= Material to process =
»»

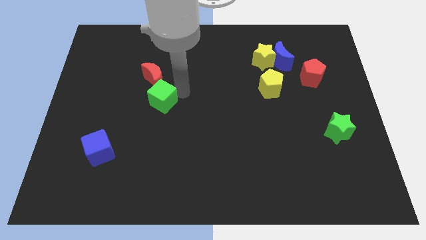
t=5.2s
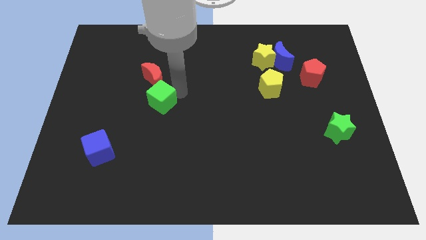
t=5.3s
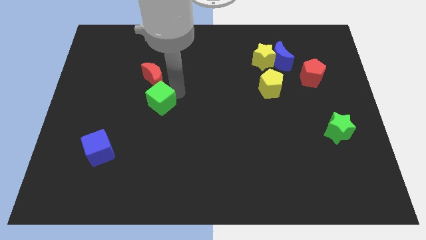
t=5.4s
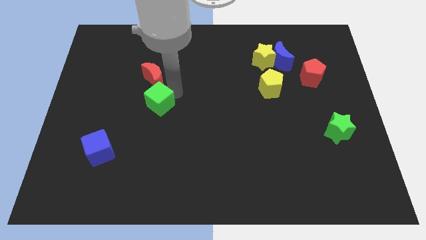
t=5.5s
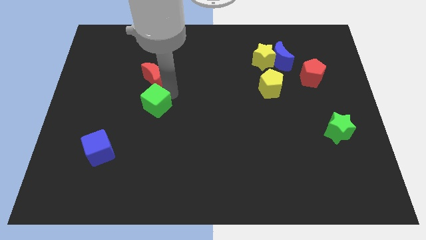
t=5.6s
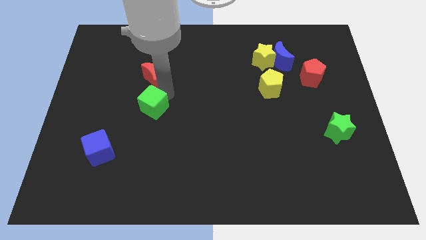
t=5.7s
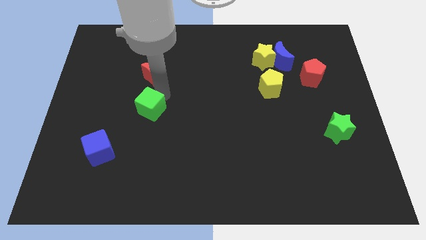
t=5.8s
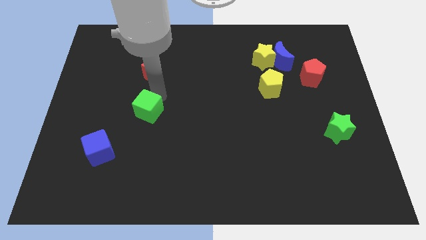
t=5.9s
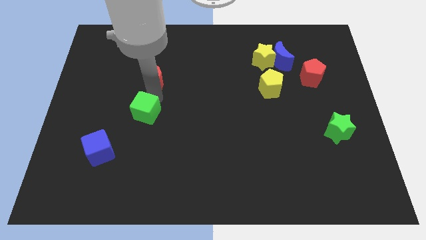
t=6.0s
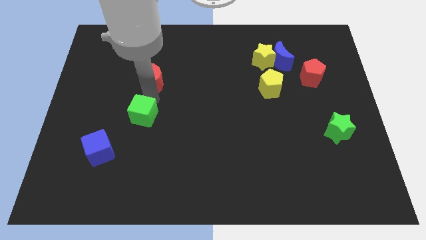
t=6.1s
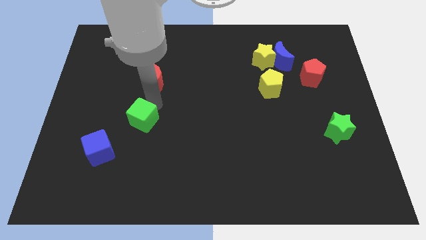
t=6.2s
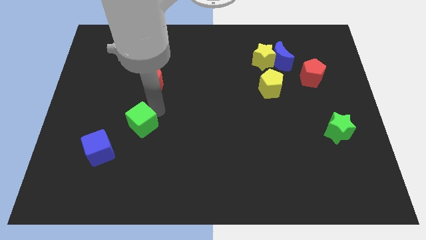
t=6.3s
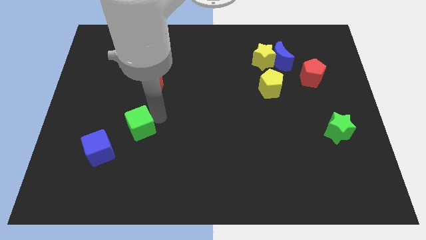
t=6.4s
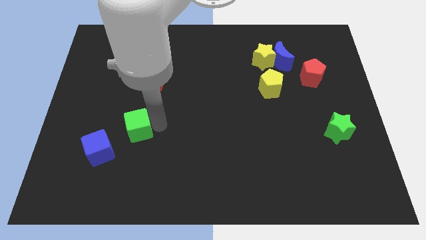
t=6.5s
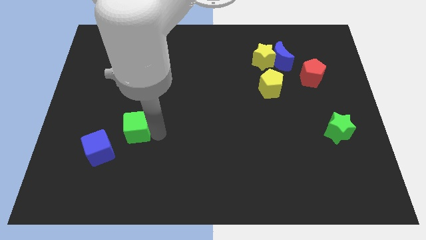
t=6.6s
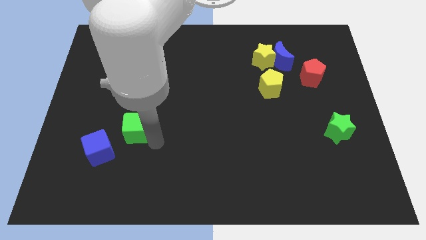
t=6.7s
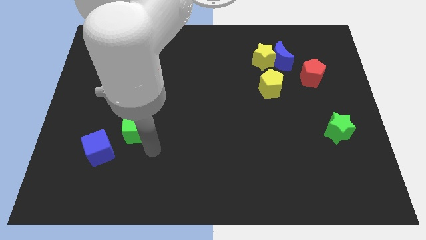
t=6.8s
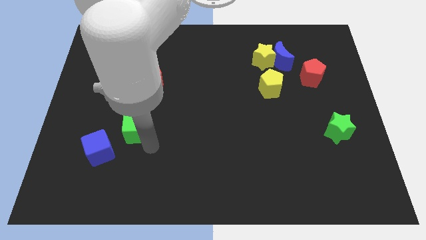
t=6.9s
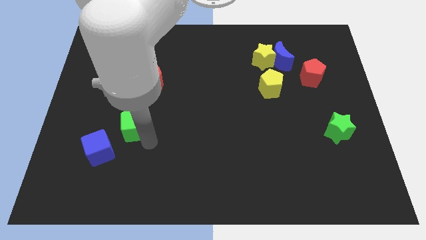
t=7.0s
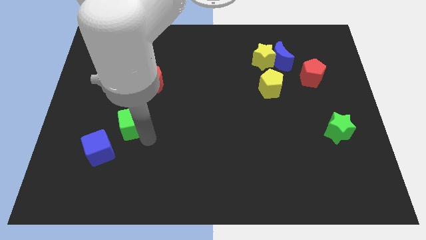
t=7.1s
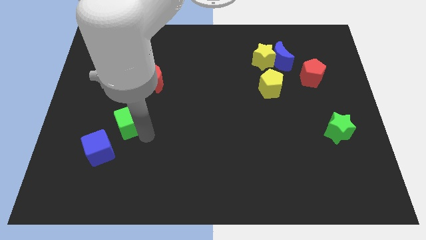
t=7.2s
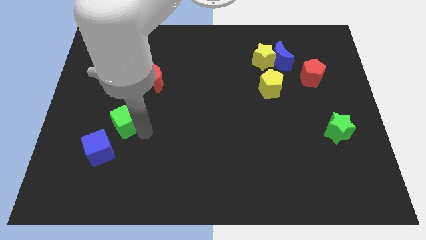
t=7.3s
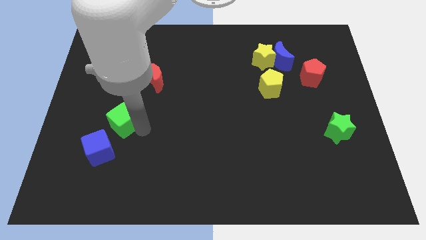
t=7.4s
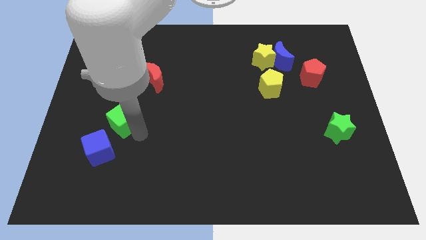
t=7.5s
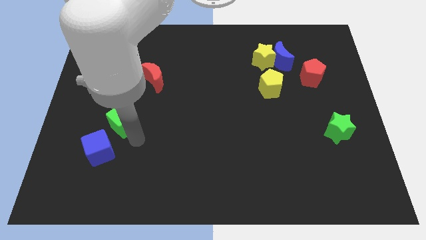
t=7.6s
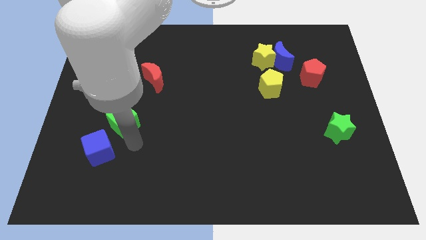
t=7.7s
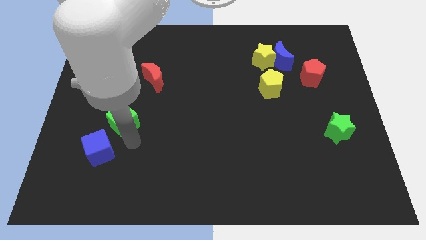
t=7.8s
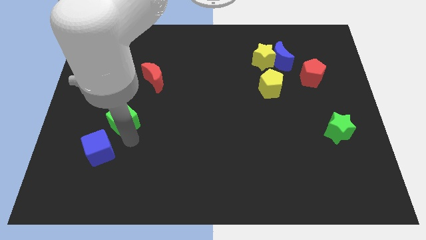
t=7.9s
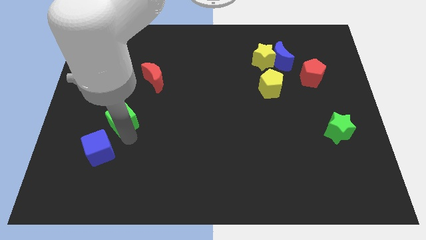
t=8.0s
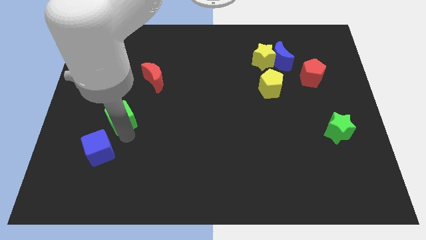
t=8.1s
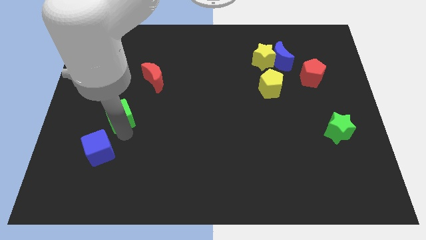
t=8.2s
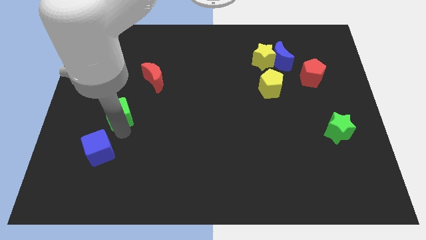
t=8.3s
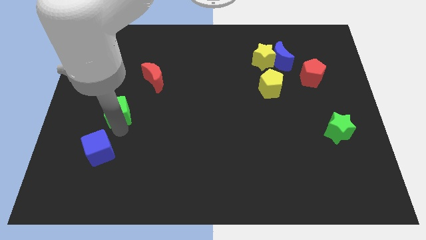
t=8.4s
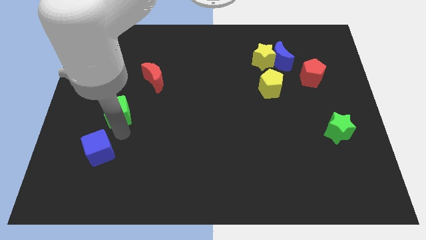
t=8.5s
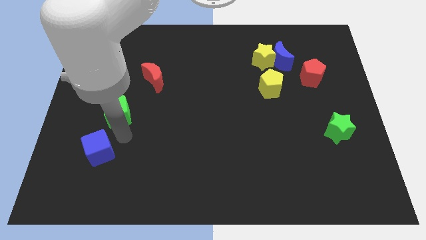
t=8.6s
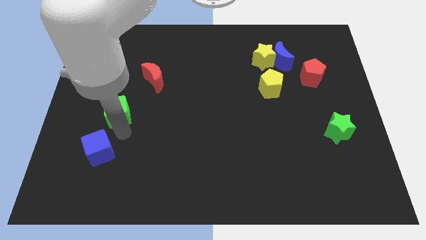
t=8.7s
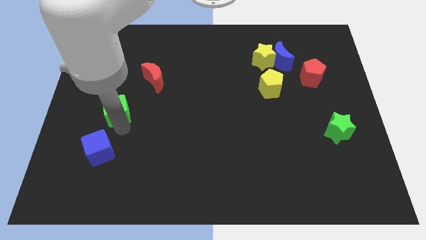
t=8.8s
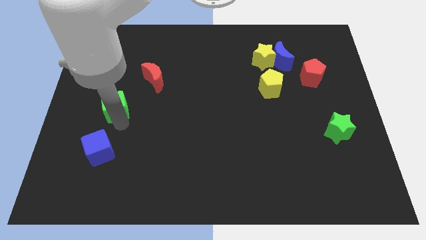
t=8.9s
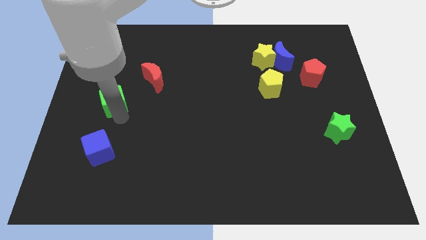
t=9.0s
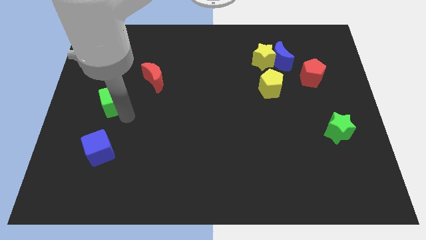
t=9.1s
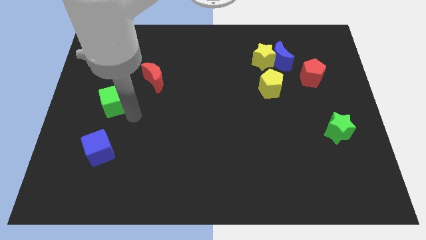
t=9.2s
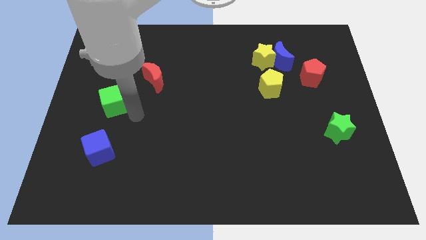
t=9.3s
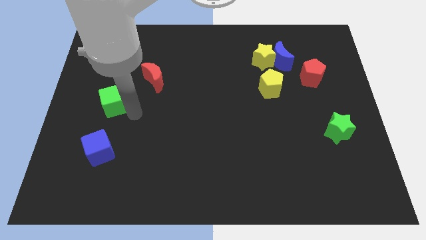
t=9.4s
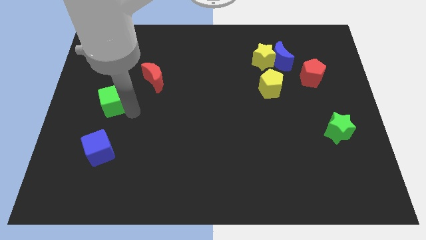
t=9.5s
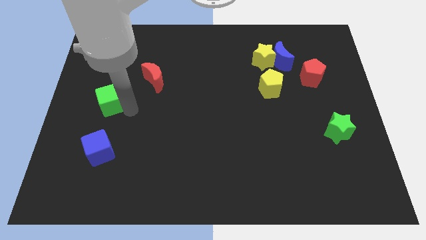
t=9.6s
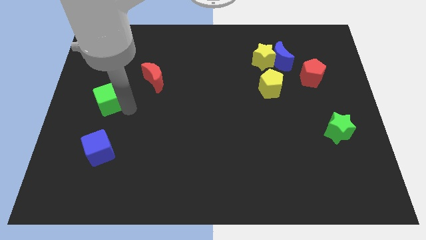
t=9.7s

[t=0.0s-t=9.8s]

««

= Task objective =
Please produce an exact copy of all the material, leaving out the pictures.

= Response to this task =
t=5.2s
t=5.3s
t=5.4s
t=5.5s
t=5.6s
t=5.7s
t=5.8s
t=5.9s
t=6.0s
t=6.1s
t=6.2s
t=6.3s
t=6.4s
t=6.5s
t=6.6s
t=6.7s
t=6.8s
t=6.9s
t=7.0s
t=7.1s
t=7.2s
t=7.3s
t=7.4s
t=7.5s
t=7.6s
t=7.7s
t=7.8s
t=7.9s
t=8.0s
t=8.1s
t=8.2s
t=8.3s
t=8.4s
t=8.5s
t=8.6s
t=8.7s
t=8.8s
t=8.9s
t=9.0s
t=9.1s
t=9.2s
t=9.3s
t=9.4s
t=9.5s
t=9.6s
t=9.7s

[t=0.0s-t=9.8s]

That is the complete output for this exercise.